(Given records)
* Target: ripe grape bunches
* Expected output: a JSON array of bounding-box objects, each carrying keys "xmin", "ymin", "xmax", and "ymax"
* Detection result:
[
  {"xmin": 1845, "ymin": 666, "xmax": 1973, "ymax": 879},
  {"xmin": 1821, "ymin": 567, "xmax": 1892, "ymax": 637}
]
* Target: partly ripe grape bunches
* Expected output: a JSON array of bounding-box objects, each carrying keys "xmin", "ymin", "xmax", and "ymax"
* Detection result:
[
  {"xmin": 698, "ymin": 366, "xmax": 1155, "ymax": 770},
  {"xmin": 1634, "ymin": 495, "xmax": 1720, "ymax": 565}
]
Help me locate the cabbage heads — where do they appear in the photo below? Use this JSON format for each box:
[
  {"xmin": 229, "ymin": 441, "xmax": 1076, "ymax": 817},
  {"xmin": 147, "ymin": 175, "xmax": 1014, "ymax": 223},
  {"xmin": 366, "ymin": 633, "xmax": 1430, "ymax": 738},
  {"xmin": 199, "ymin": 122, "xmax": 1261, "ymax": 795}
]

---

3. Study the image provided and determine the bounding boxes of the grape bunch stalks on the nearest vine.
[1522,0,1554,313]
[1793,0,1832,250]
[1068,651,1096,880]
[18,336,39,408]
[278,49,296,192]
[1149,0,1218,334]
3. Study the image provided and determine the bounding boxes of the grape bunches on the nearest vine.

--

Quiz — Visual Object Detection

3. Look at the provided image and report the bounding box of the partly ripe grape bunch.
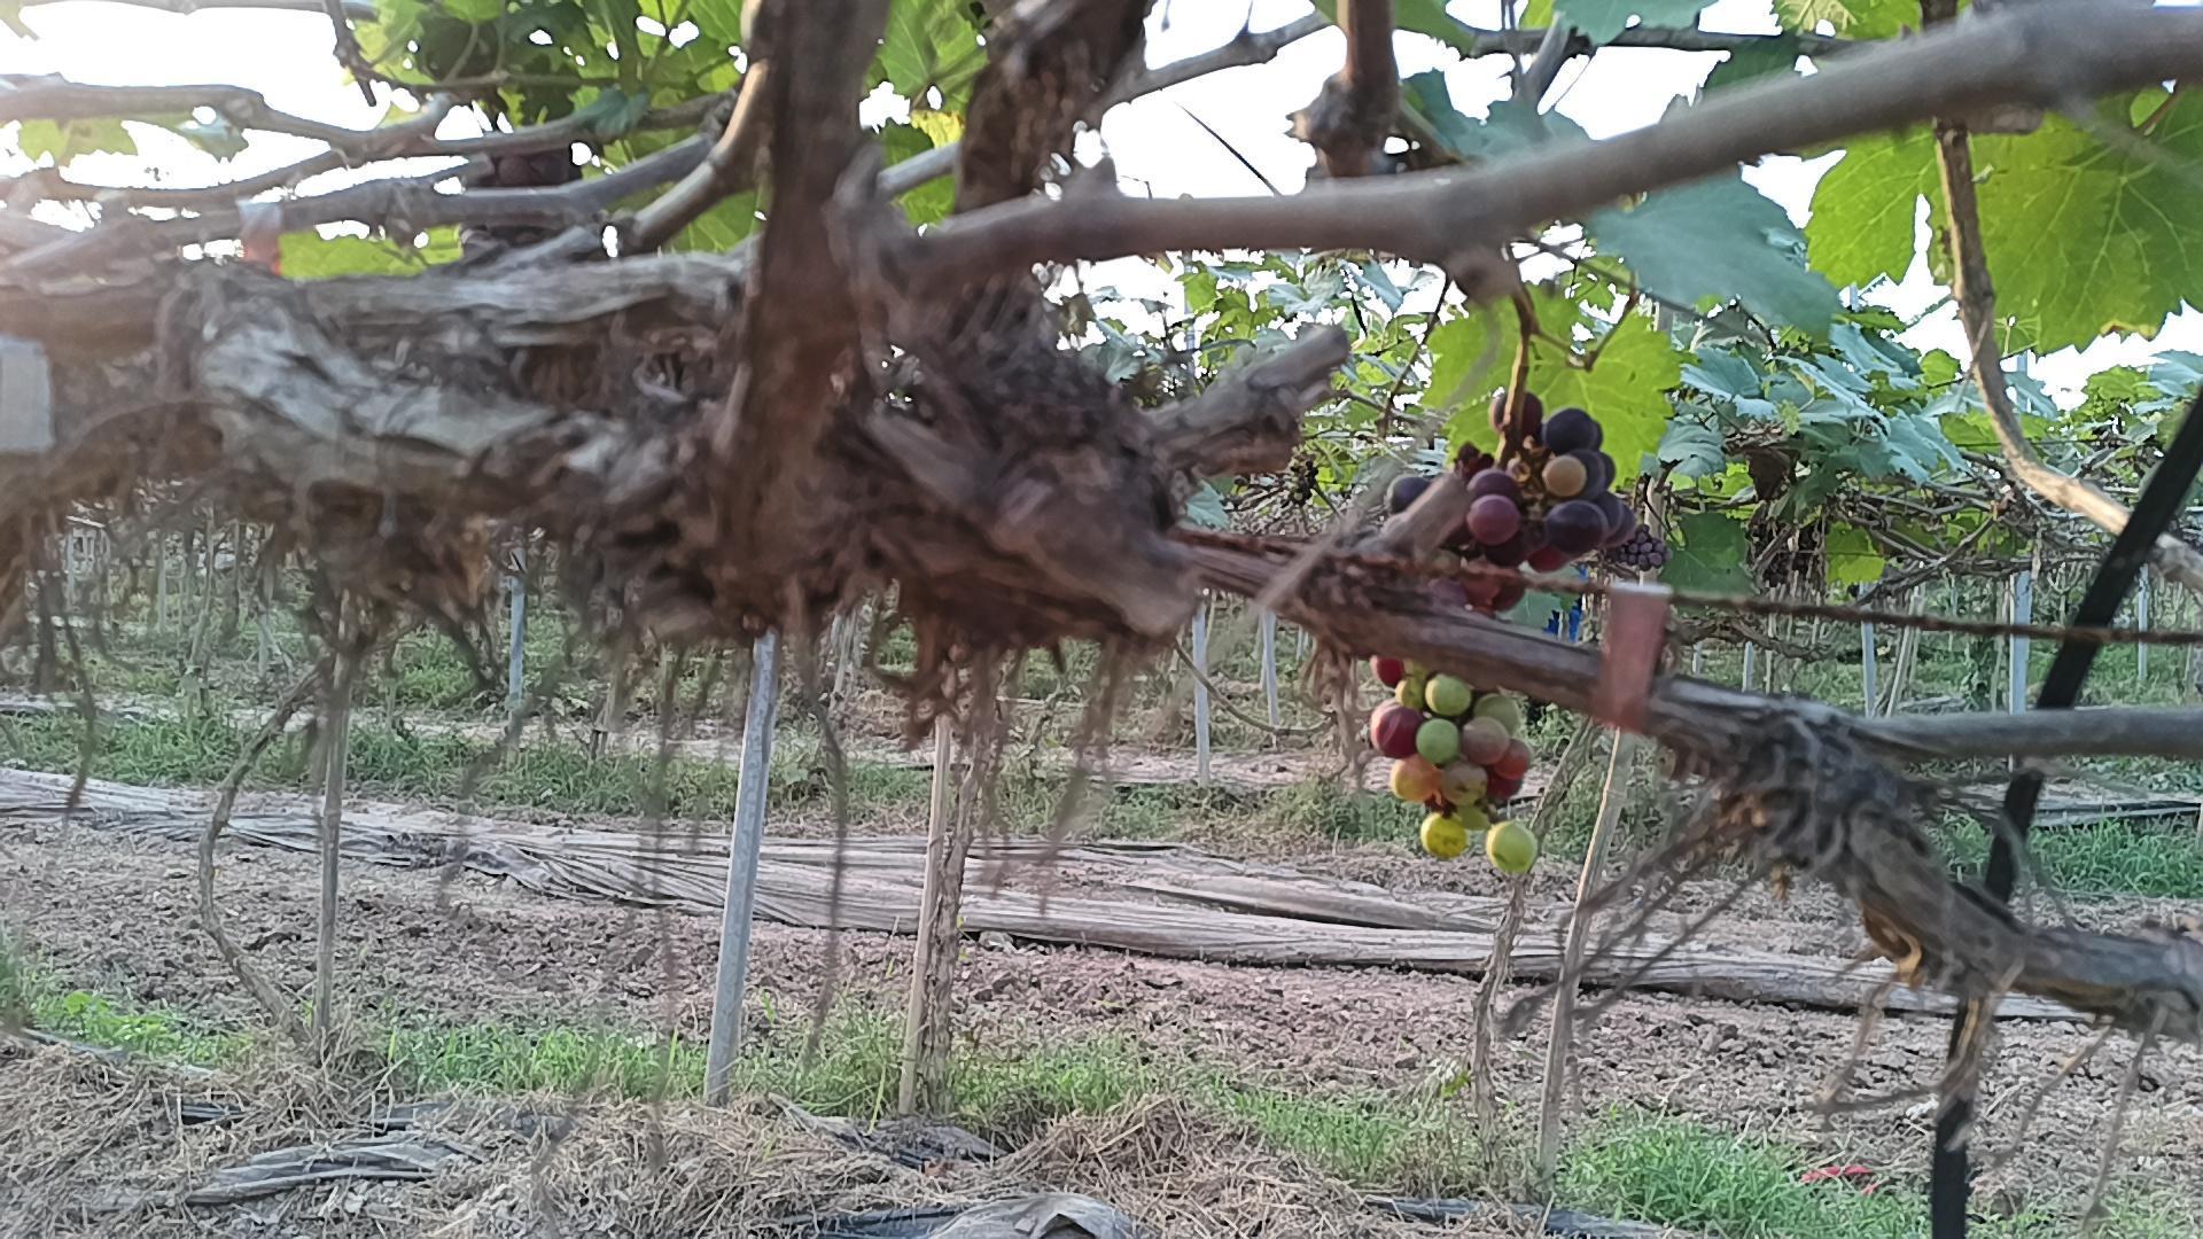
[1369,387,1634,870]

(Requirement) All lines above containing the string "Target": copy each one.

(Response)
* Target: ripe grape bunches
* Target: partly ripe grape bunches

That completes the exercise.